Gottes großer Vergebungstag
Auf ein Wort
Am nächsten Mittwoch ist Buß- und Bettag. Weil er als gesetzlicher Feiertag gestrichen wurde, aber auch weil der Handel mit ihm kein Geld verdienen kann, weiß allerdings kaum noch ein Mensch etwas mit ihm anzufangen. Buße? Was bitte soll das sein? Ach ja! Geht es da nicht – wie etwa bei den Bußgeldbescheiden für Verkehrssünder – um Bestrafung? Nein, darum geht es nicht! Das Thema des Tages ist vielmehr die innere Einkehr, die Besinnung auf das, was falsch läuft bei mir, in der Gesellschaft und in der Welt, damit der Seelenkompass wieder auf Kurs kommt. Es geht also einmal nicht um Körper-, sondern um Seelenpflege! Wo sind wir vielleicht nicht mehr auf dem richtigen Weg? Wen haben wir verletzt und ungerecht behandelt? Über wen haben wir schlecht gedacht und geredet? Menschen, die solche Verfehlungen mit aufrichtigem Herzen vor Gott bekennen und eine andere Richtung einschlagen wollen, wird auch im evangelischen Beichtgottesdienst – ja, den gibt es – Gottes Vergebung zugesprochen! Somit ist der Buß- und Bettag also Gottes großer Vergebungs- und Befreiungstag.

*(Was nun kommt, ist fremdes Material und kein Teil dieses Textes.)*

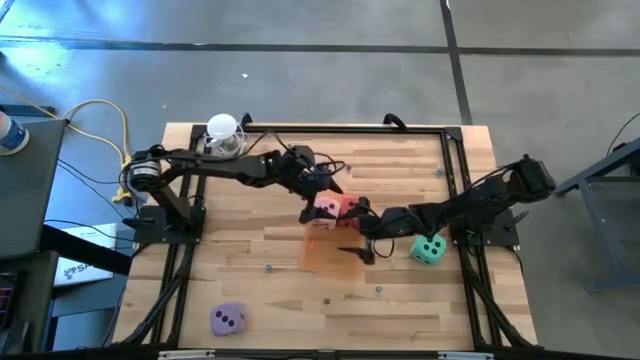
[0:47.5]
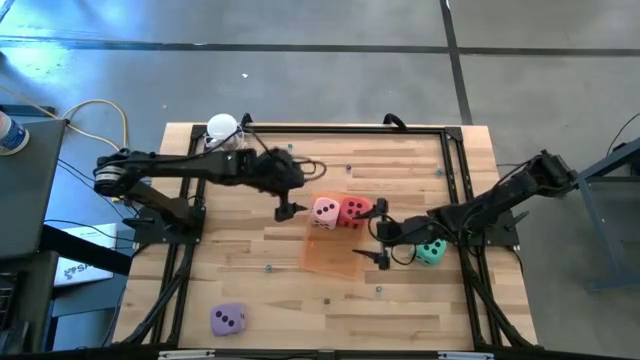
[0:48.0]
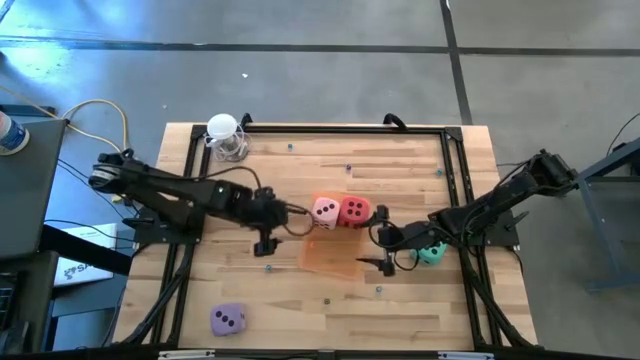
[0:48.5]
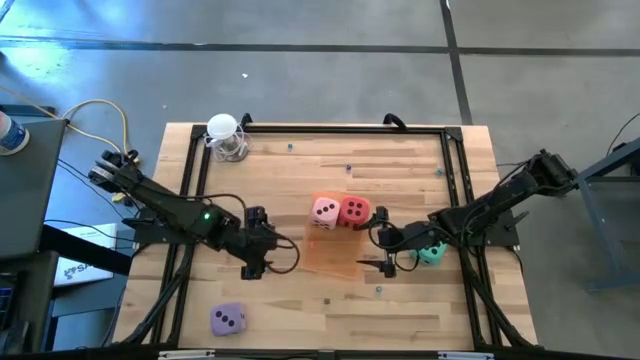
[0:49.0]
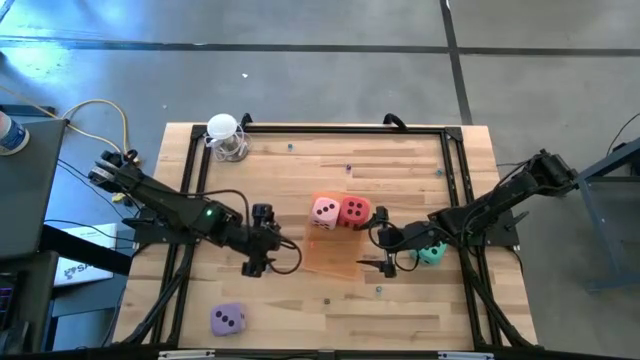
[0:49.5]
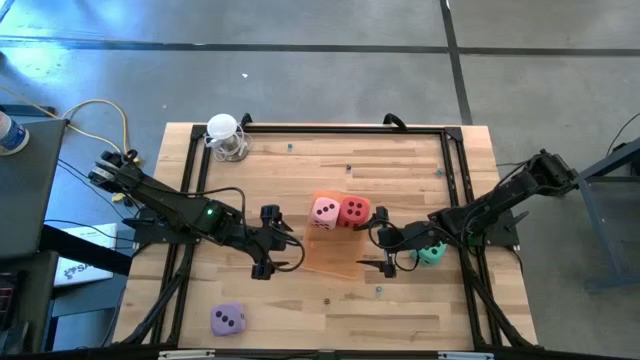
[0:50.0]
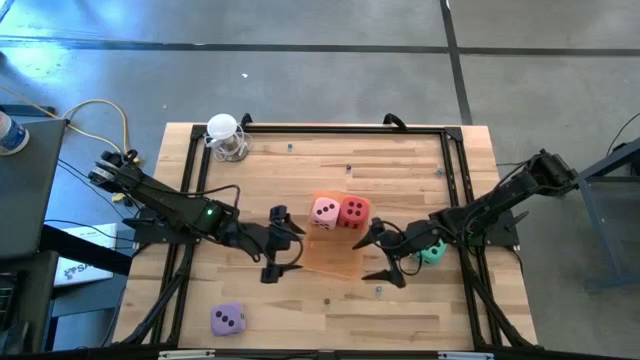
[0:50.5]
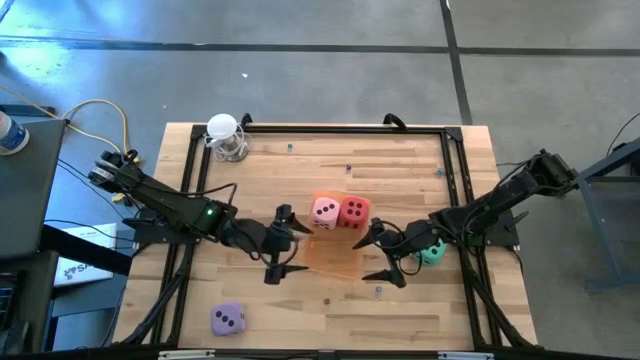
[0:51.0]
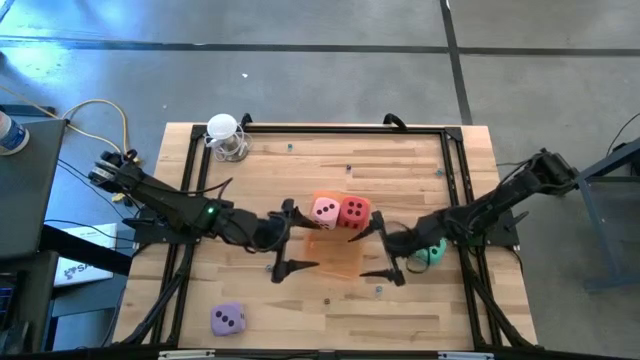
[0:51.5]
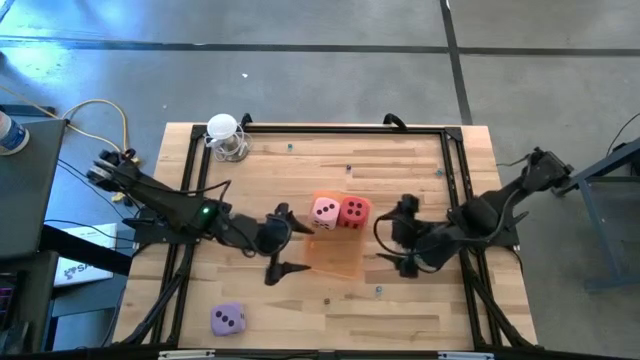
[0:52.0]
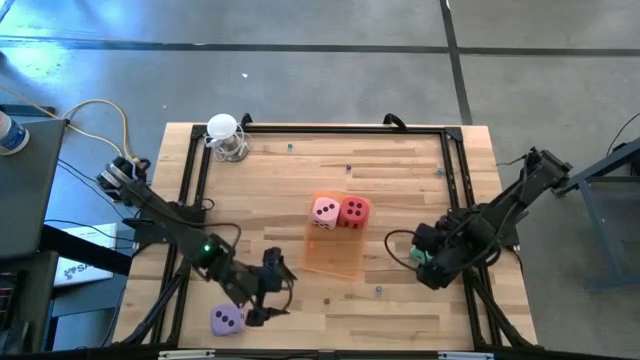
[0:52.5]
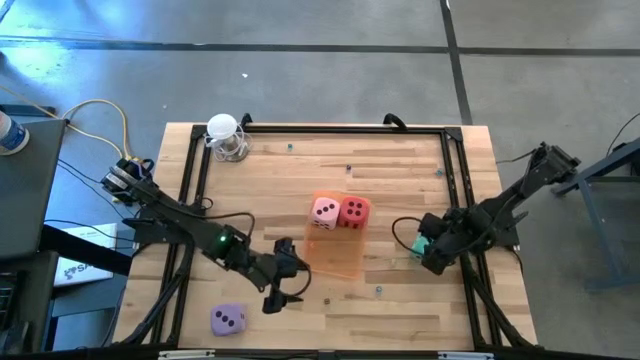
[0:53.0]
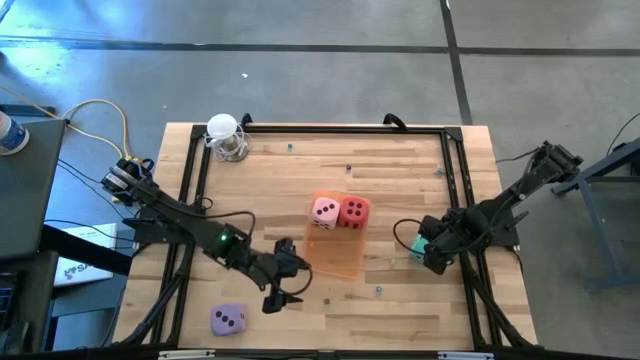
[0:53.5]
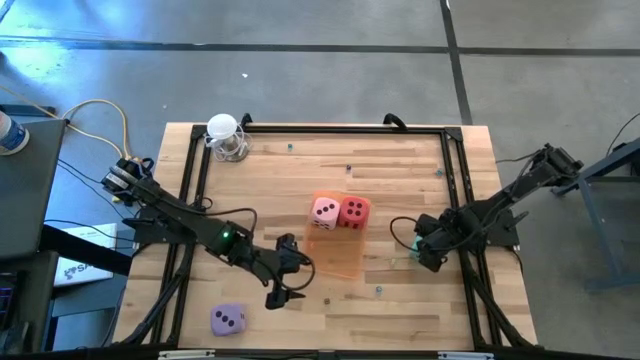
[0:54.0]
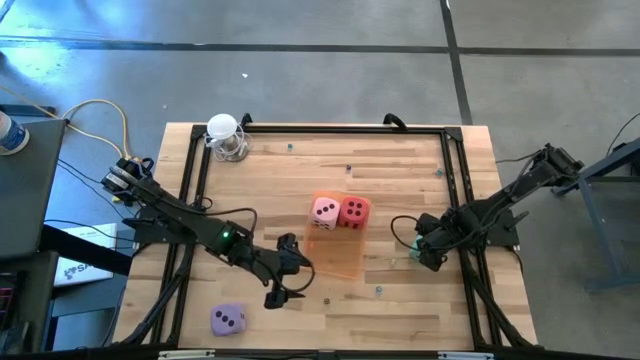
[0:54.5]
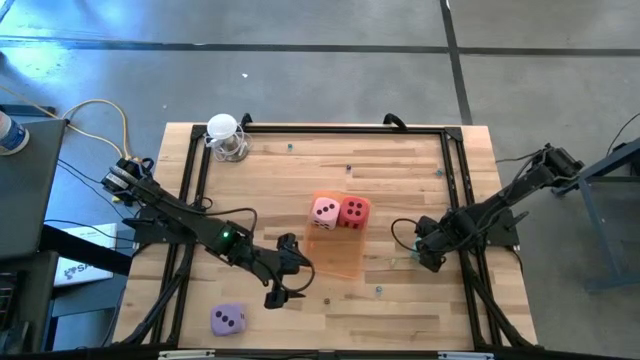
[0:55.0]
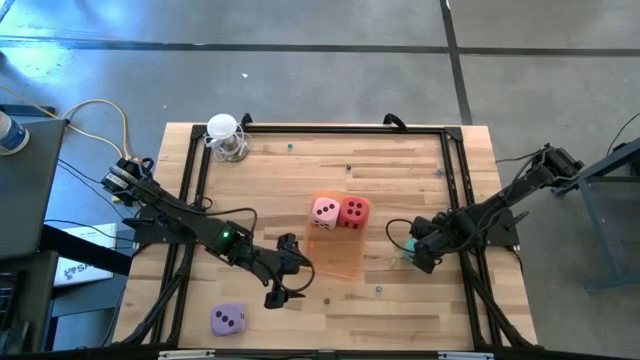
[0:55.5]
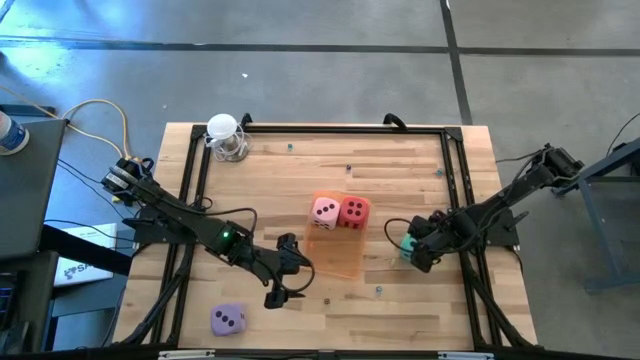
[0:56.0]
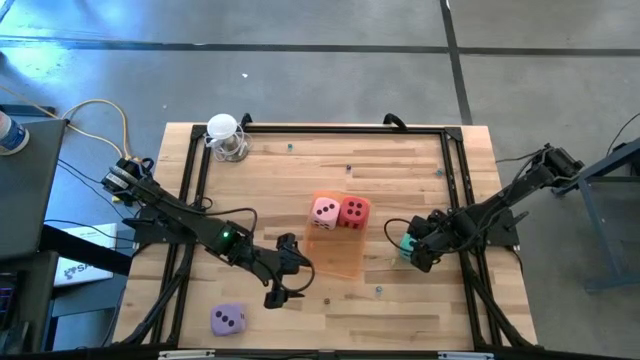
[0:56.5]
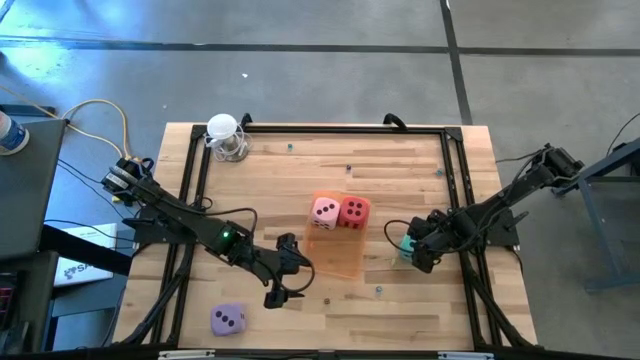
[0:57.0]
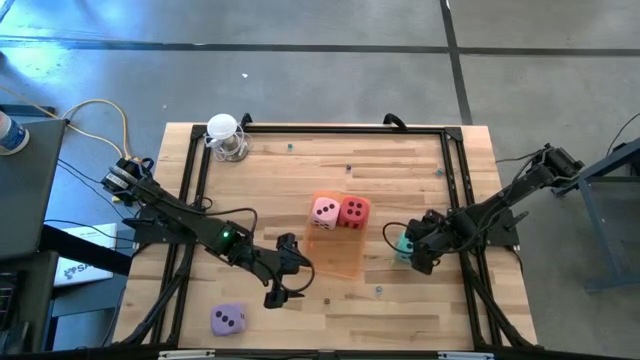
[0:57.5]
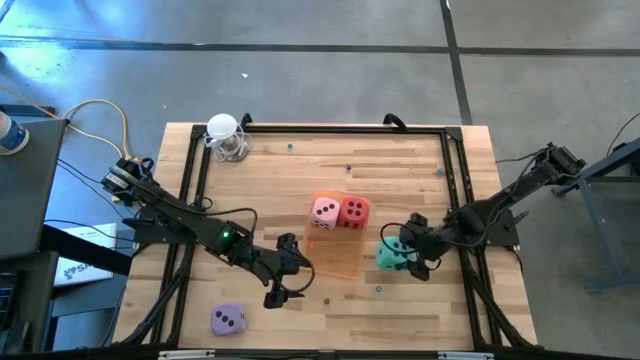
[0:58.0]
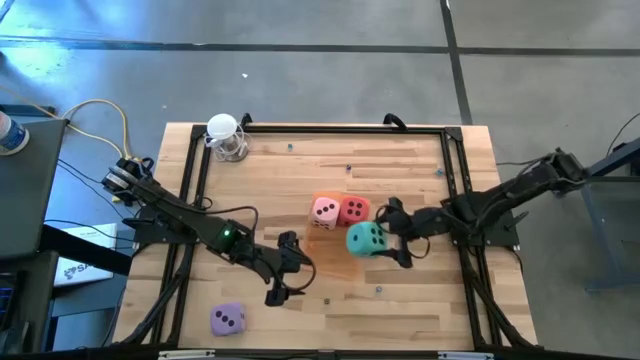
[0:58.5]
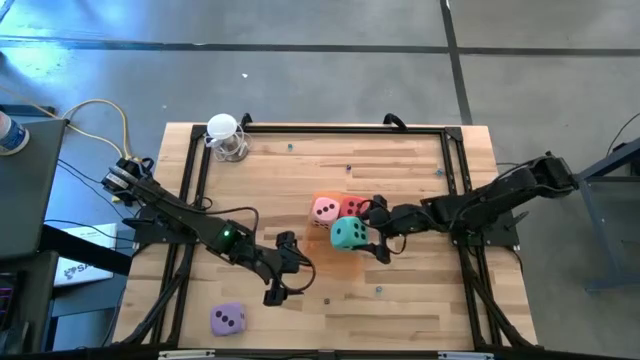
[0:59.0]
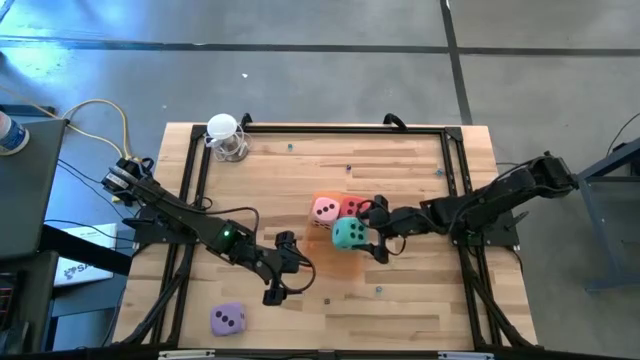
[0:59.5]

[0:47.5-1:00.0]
Task: Pick & Place Dice
Put the large blue die into the orange bin

Nun läuft zurzeit – sicher nicht nur nach meinem Empfinden – leider Vieles in die falsche Richtung. Zuletzt hagelte es schlechte Nachrichten: Demokratische Wiederwahl des amoralischen Trump, die neben dem Ausstieg aus dem Pariser Klimaabkommen weitere schlimme Konsequenzen befürchten lässt. Wesentlich verschlechterte Lage der Ukraine, Erstarken von Fremdenfeindlichkeit, gewalttätiger Judenhass und nicht zuletzt Ende der Ampelregierung. All das ist erschütternd, unfassbar und schwer zu verkraften. Ja, dass Menschen sich nach Stabilität, Sicherheit und Wohlstand sehnen, ist klar. Aber sie sind durch extremen Nationalismus, Egoismus und Hass auf Menschen, die zu Sündenböcken gemacht werden, nicht zu erreichen!
Wie kann es also wieder besser und vielleicht sogar gut werden? Der Buß- und Bettag erinnert dran: Fehler machen gehört zum Menschsein! Das ist seit Adam und Eva so. Aber leider auch die menschliche Neigung, mit Fingern auf andere zu zeigen und ihnen die Schuld in die Schuhe zu schieben. Wie viel Selbstinszenierung und „Selfietum“ wir im Fernsehen zu sehen bekommen. Wie viel Beschämung anderer, um den Urheber des Fehlers zu beseitigen, statt den Fehler. Wie unbarmherzig! Dagegen lese ich in der Bibel schon im dritten Kapitel, wie Gott den Menschen, die erkennen, dass sie nackt vor ihm dastehen, die Blöße bedeckt. Und im Gleichnis vom Vater und seinen Söhnen, höre ich, dass der Totalversager, der umkehrt, bei Gott in Ehren einen vorbehaltlosen, kompletten Neuanfang machen darf. Gott ist voller Gnade, Barmherzigkeit und Vergebung, die man sich am Buß- und Bettag zusprechen lassen kann. Dazu braucht es allerdings die Bereitschaft, die eigene Schuld vor ihm einzugestehen und Menschen um ihre Entschuldigung zu bitten. Ach, wie schön wäre es, wenn die Akzeptanz von Fehlern und Vergebungsbereitschaft auch in der Öffentlichkeit gelebt würden. Damit das Gebet „Vergib uns unsere Schuld wie auch wir vergeben unseren Schuldigern“ auch im Alltag erfahren wird und sich neue, gemeinsame Zukunftswege öffnen.
Silvia Reinecke, Schulpfarrerin des Evangelischen Kirchenkreises Paderborn
Der Beitrag ist erschienen in der Reihe „Auf ein Wort“ in der Neuen Westfälischen Paderborn am Freitag, 15. November 2024.